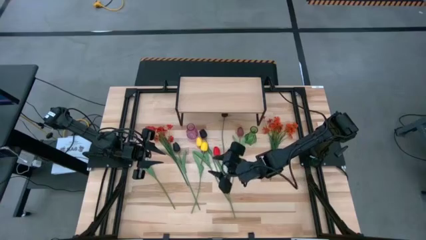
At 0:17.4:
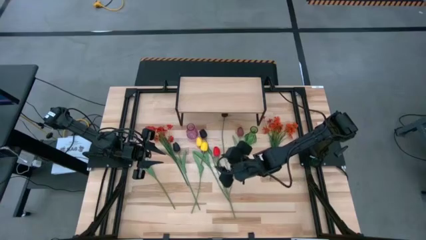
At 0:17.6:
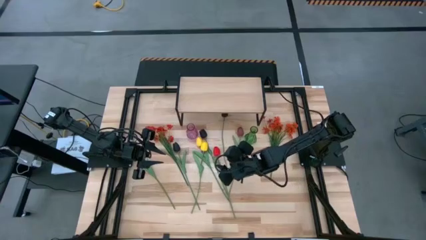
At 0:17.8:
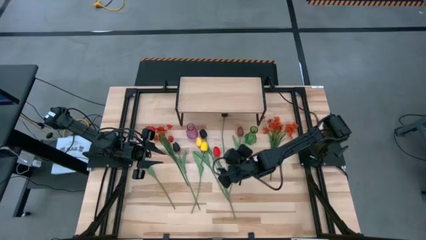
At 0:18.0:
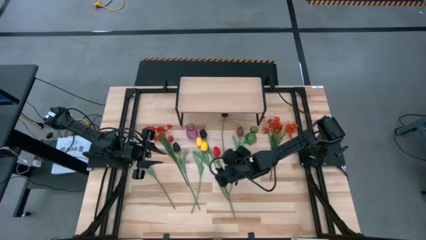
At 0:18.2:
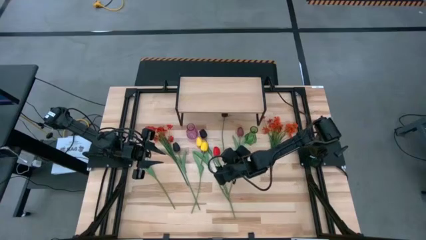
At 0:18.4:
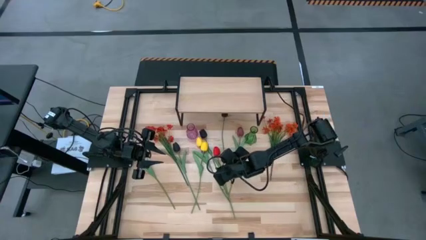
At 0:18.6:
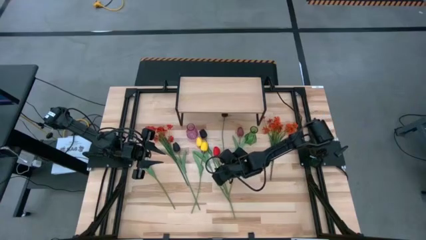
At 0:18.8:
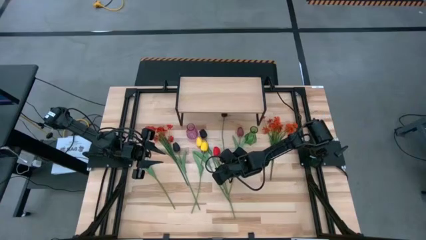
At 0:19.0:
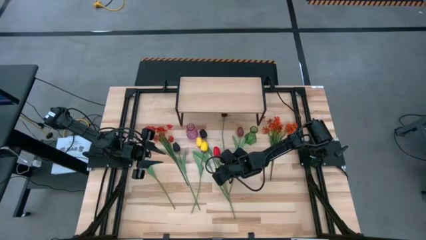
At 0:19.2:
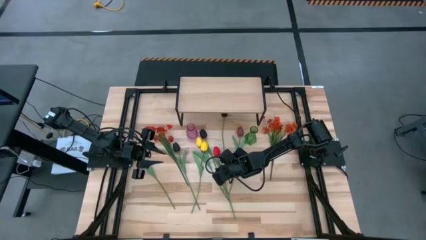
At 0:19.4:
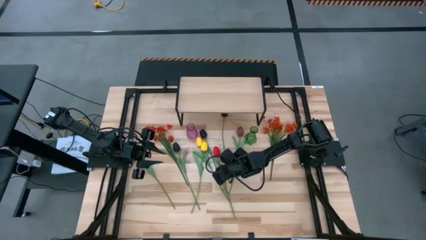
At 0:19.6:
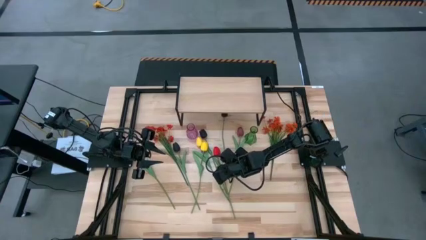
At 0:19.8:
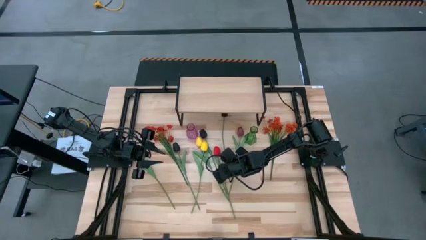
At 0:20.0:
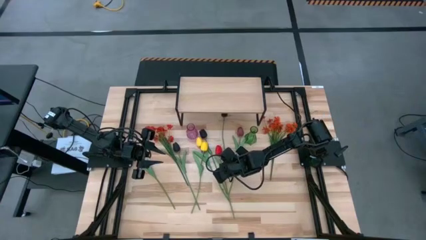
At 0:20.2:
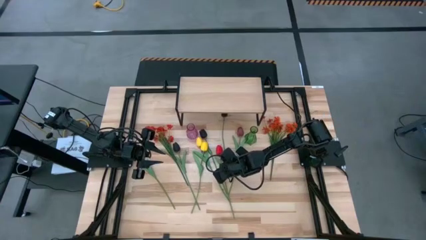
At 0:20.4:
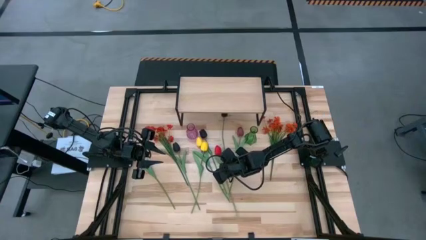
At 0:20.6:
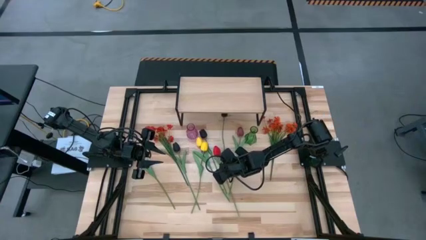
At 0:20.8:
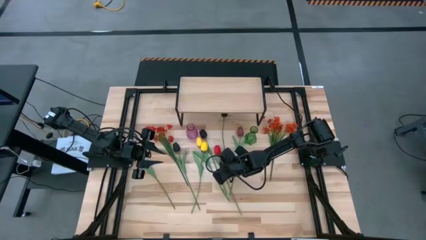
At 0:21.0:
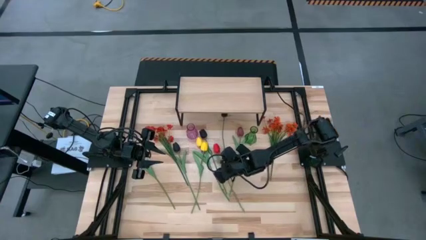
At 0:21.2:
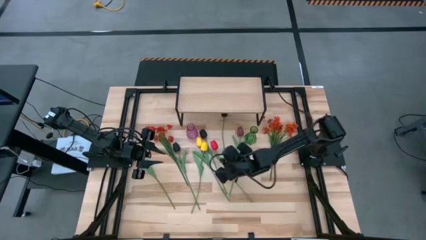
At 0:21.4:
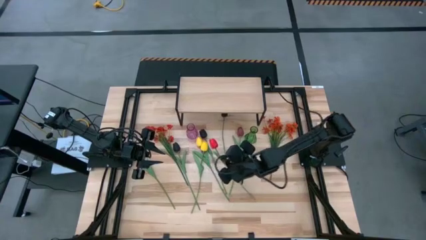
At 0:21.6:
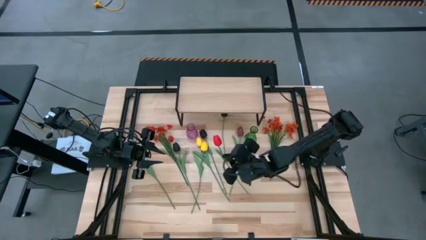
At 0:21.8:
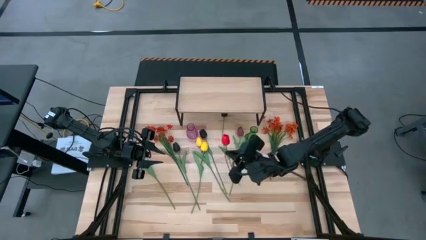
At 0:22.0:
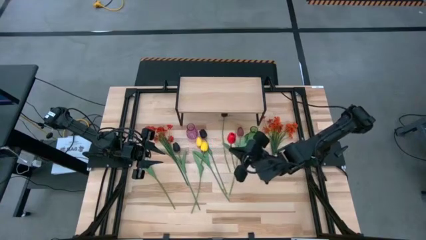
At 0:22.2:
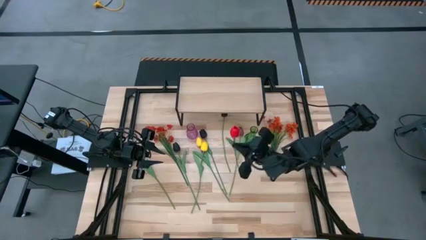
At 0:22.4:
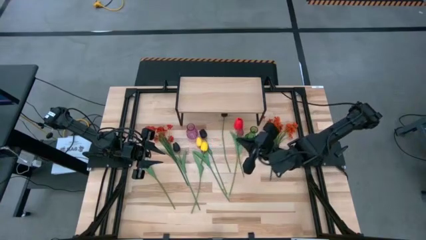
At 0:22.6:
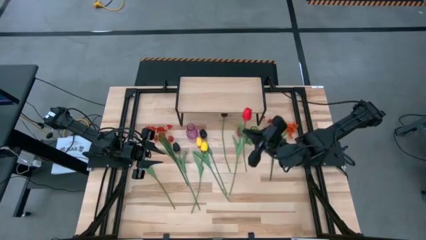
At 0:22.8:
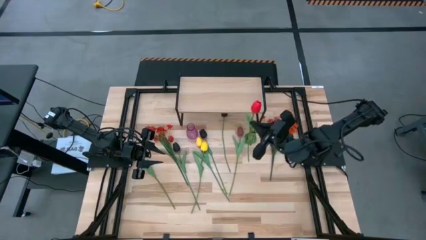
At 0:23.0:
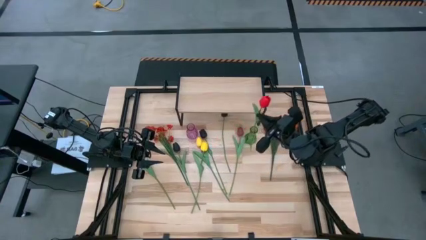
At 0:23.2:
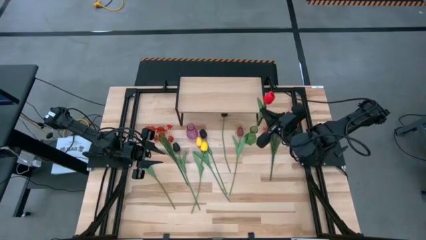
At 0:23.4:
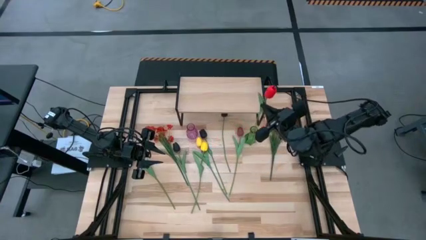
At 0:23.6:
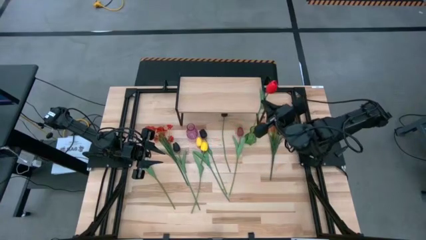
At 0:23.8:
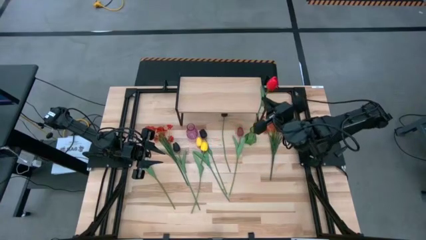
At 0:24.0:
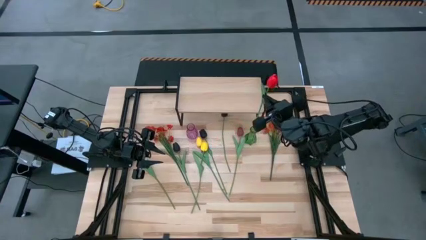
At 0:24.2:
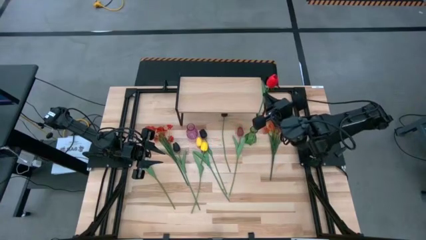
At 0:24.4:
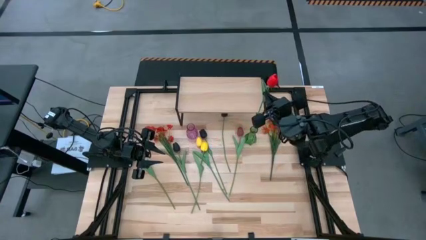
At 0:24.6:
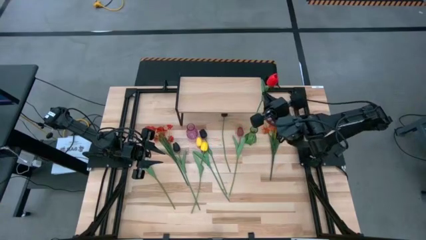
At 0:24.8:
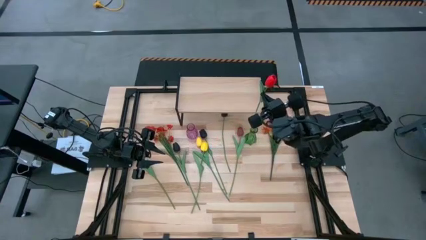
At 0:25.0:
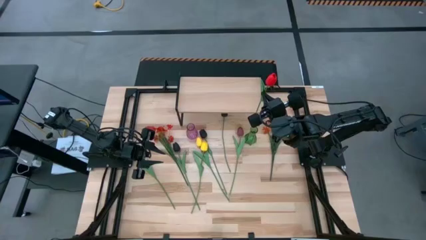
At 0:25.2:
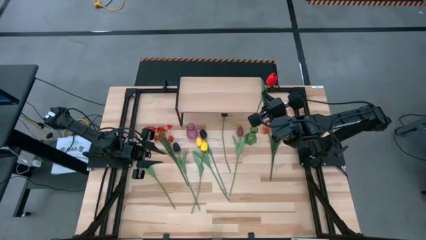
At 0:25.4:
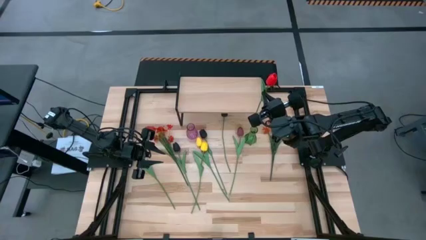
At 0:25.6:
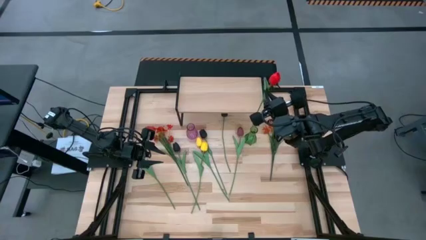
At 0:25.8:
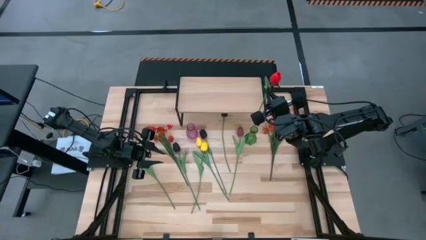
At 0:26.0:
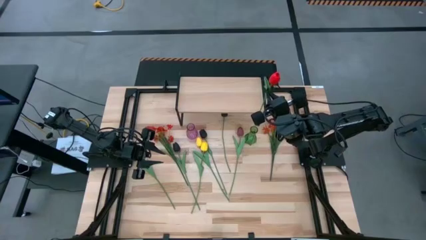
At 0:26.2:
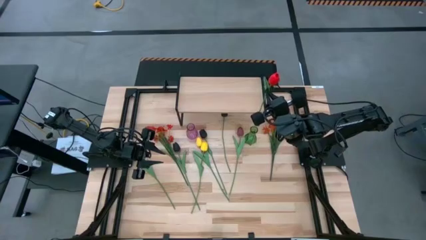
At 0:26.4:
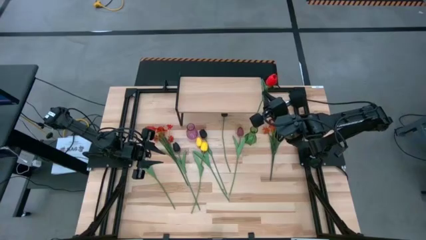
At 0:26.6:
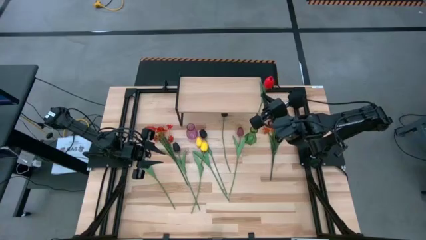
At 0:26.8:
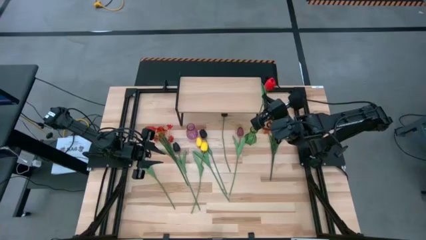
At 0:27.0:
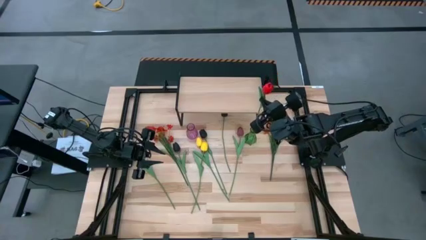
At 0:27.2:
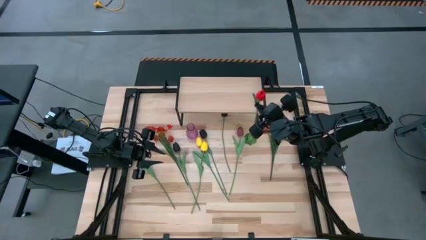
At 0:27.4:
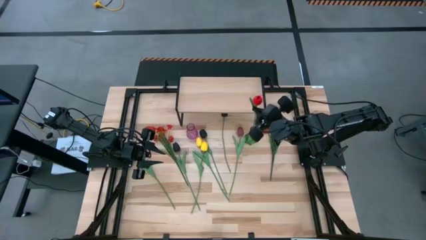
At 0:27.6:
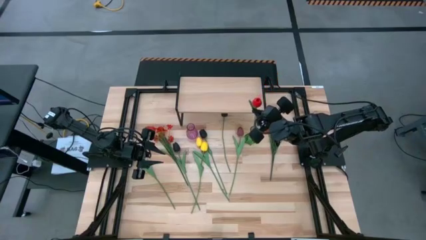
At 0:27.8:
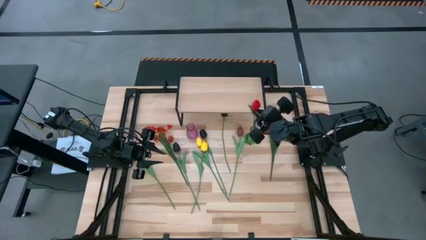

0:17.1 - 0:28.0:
════
Repeat the data above exactly; images are not part of the copy.

At 0:17.4:
At 0:17.6:
At 0:17.8:
At 0:18.0:
At 0:18.2:
At 0:18.4:
At 0:18.6:
At 0:18.8:
At 0:19.0:
At 0:19.2:
At 0:19.4:
At 0:19.6:
At 0:19.8:
At 0:20.0:
At 0:20.2:
At 0:20.4:
At 0:20.6:
At 0:20.8:
At 0:21.0:
At 0:21.2:
At 0:21.4:
At 0:21.6:
At 0:21.8:
At 0:22.0:
At 0:22.2:
At 0:22.4:
At 0:22.6:
At 0:22.8:
At 0:23.0:
At 0:23.2:
At 0:23.4:
At 0:23.6:
At 0:23.8:
At 0:24.0:
At 0:24.2:
At 0:24.4:
At 0:24.6:
At 0:24.8:
At 0:25.0:
At 0:25.2:
At 0:25.4:
At 0:25.6:
At 0:25.8:
At 0:26.0:
At 0:26.2:
At 0:26.4:
At 0:26.6:
At 0:26.8:
At 0:27.0:
At 0:27.2:
At 0:27.4:
At 0:27.6:
At 0:27.8:

0:17.1 - 0:28.0:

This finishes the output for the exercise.